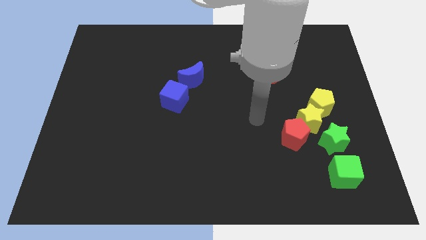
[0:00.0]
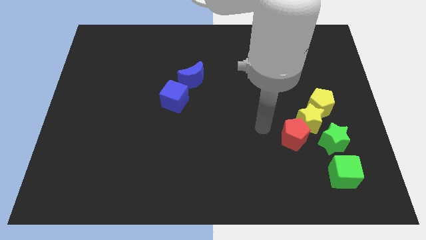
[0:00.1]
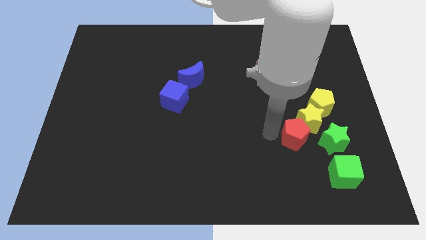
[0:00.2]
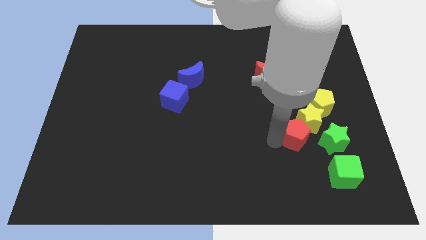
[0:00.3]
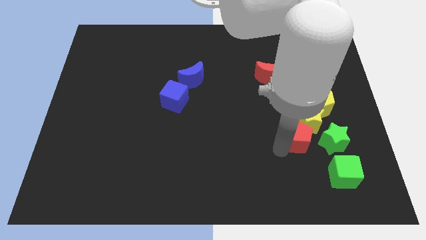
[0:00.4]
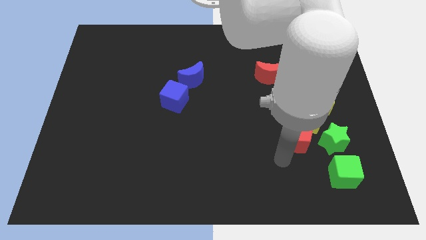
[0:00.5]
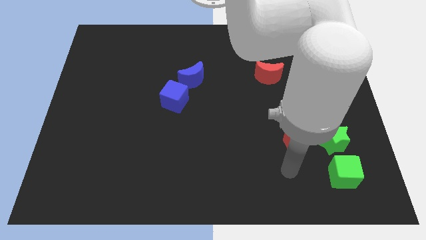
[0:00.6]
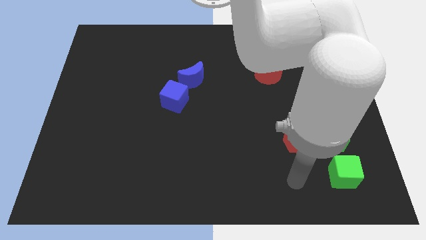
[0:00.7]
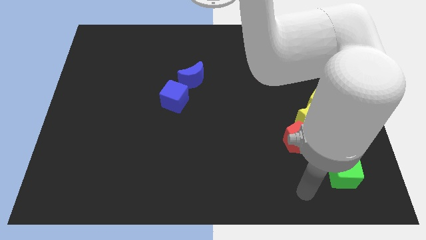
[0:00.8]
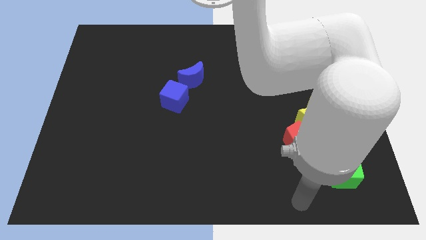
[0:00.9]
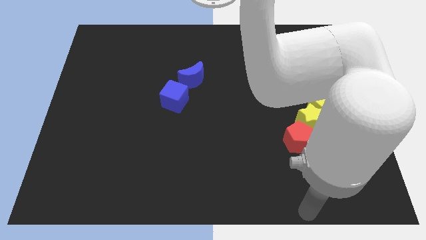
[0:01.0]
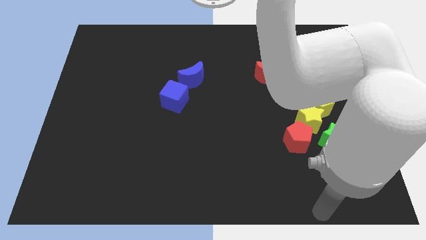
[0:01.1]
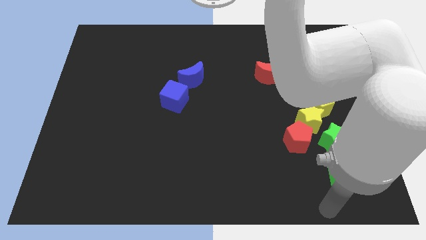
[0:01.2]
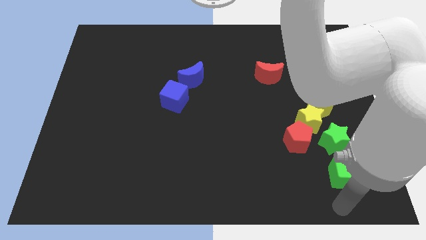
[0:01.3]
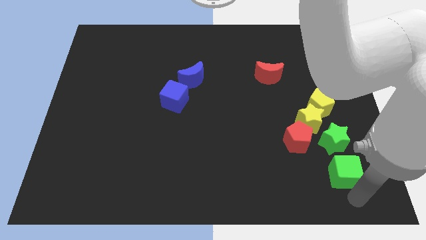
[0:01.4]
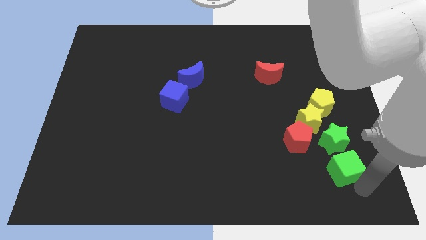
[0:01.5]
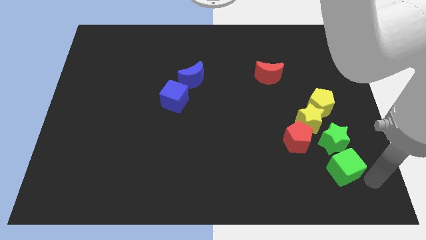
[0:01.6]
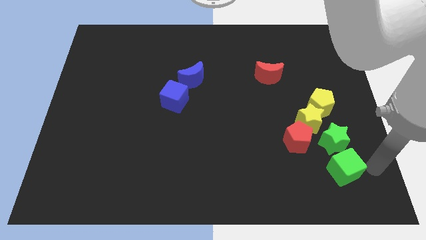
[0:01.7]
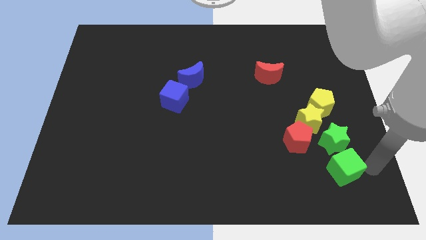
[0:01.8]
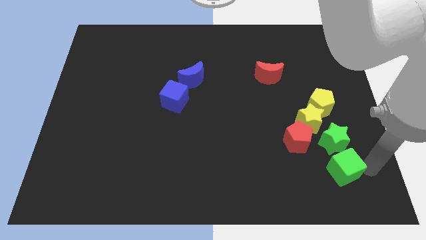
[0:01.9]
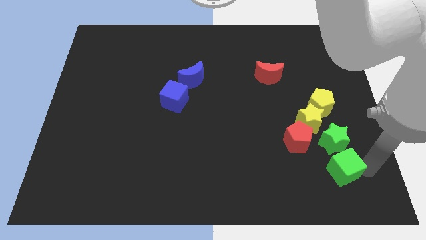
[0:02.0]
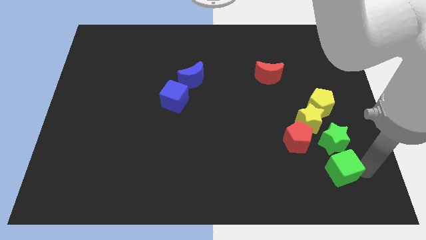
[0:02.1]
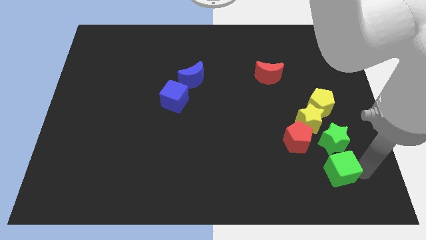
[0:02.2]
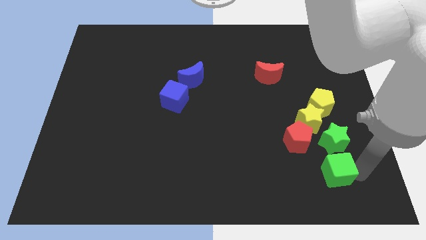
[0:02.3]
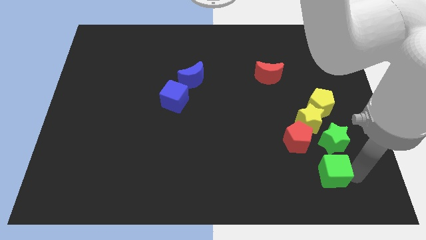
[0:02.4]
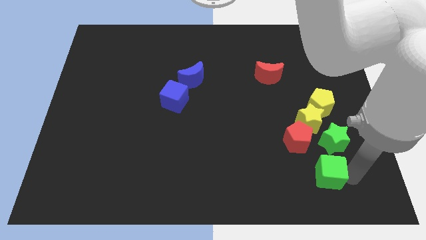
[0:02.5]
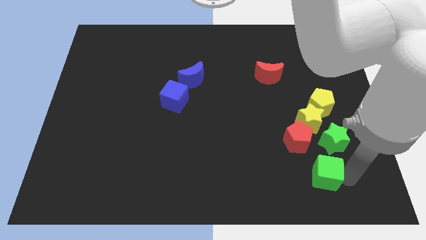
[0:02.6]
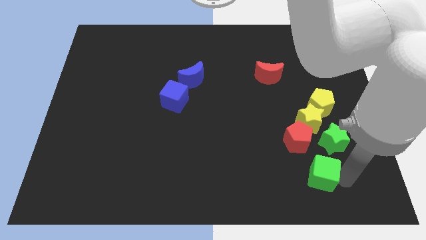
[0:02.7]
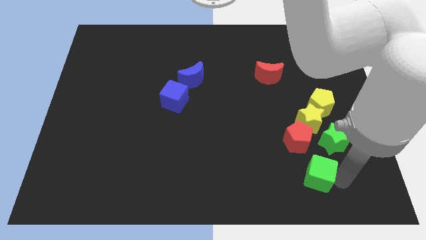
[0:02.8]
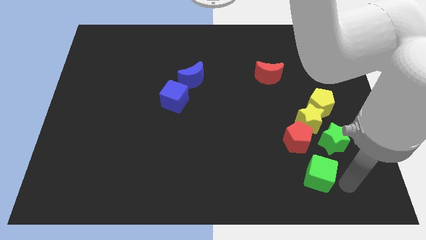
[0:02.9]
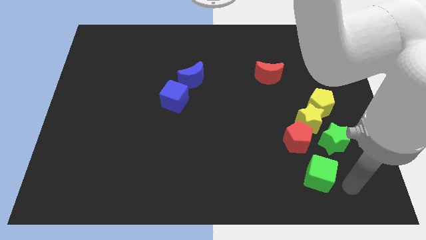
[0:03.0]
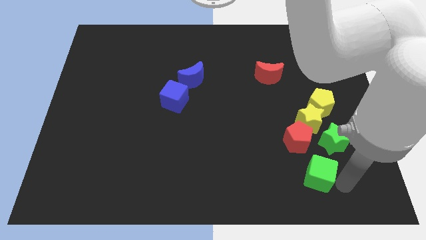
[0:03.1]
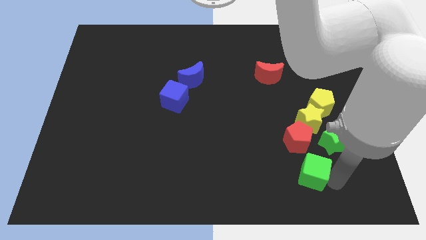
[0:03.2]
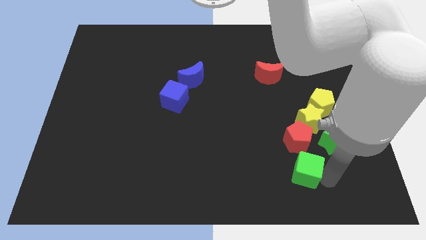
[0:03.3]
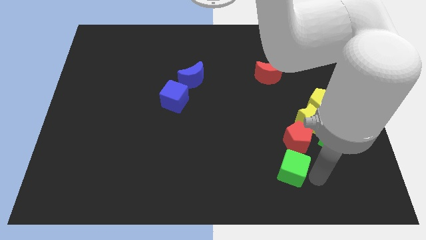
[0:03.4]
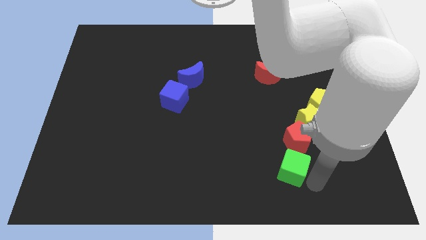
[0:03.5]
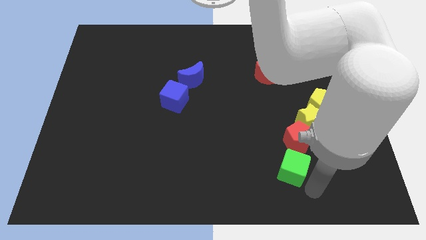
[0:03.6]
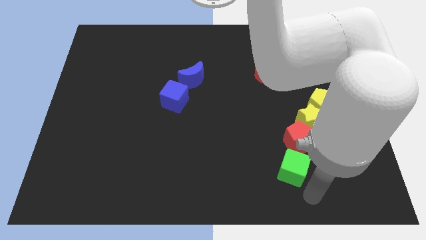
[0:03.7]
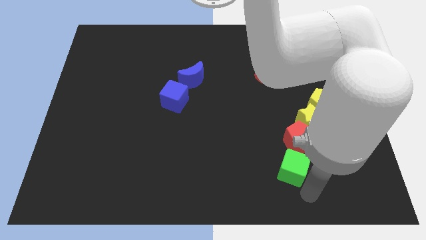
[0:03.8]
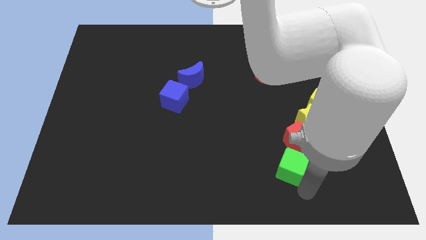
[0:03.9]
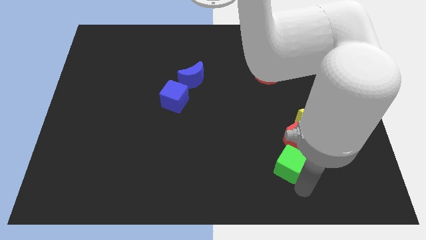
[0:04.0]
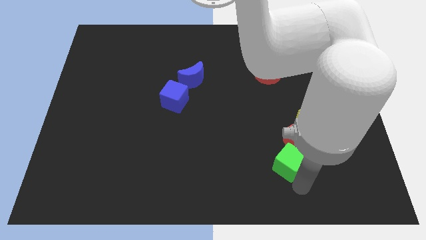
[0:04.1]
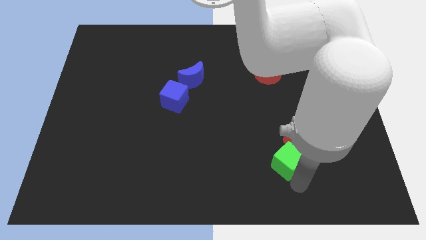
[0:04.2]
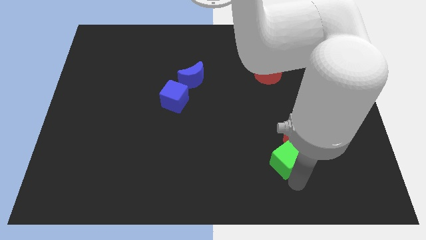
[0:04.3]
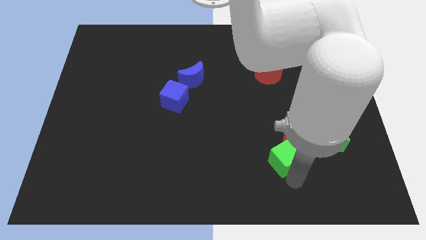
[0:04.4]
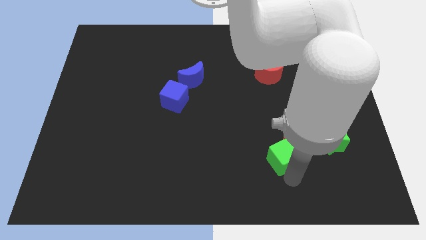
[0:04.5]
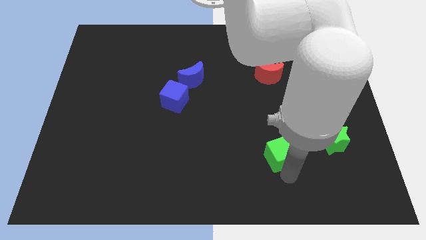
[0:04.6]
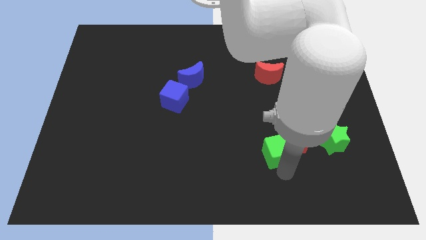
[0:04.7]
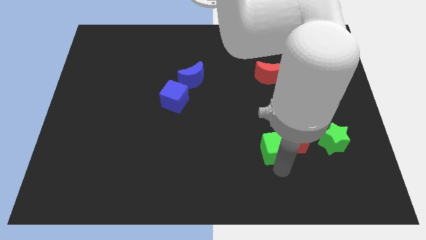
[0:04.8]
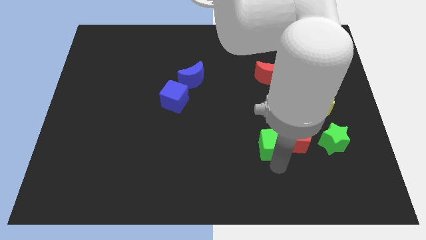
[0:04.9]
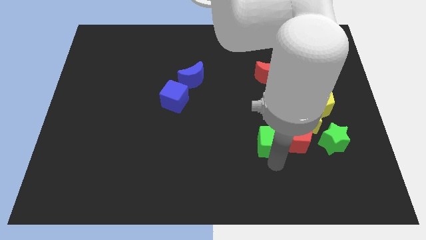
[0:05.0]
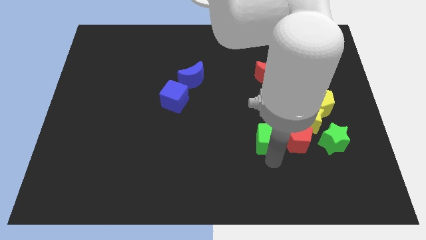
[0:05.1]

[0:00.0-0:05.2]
══════════════════════════════
§ **WHAT THE TASK REQUIRES**:
Each entry, start to finish, goes into your copy exactly; the pictures stay out.

§ **EXERCISE ANSWER**:
[0:00.0]
[0:00.1]
[0:00.2]
[0:00.3]
[0:00.4]
[0:00.5]
[0:00.6]
[0:00.7]
[0:00.8]
[0:00.9]
[0:01.0]
[0:01.1]
[0:01.2]
[0:01.3]
[0:01.4]
[0:01.5]
[0:01.6]
[0:01.7]
[0:01.8]
[0:01.9]
[0:02.0]
[0:02.1]
[0:02.2]
[0:02.3]
[0:02.4]
[0:02.5]
[0:02.6]
[0:02.7]
[0:02.8]
[0:02.9]
[0:03.0]
[0:03.1]
[0:03.2]
[0:03.3]
[0:03.4]
[0:03.5]
[0:03.6]
[0:03.7]
[0:03.8]
[0:03.9]
[0:04.0]
[0:04.1]
[0:04.2]
[0:04.3]
[0:04.4]
[0:04.5]
[0:04.6]
[0:04.7]
[0:04.8]
[0:04.9]
[0:05.0]
[0:05.1]

[0:00.0-0:05.2]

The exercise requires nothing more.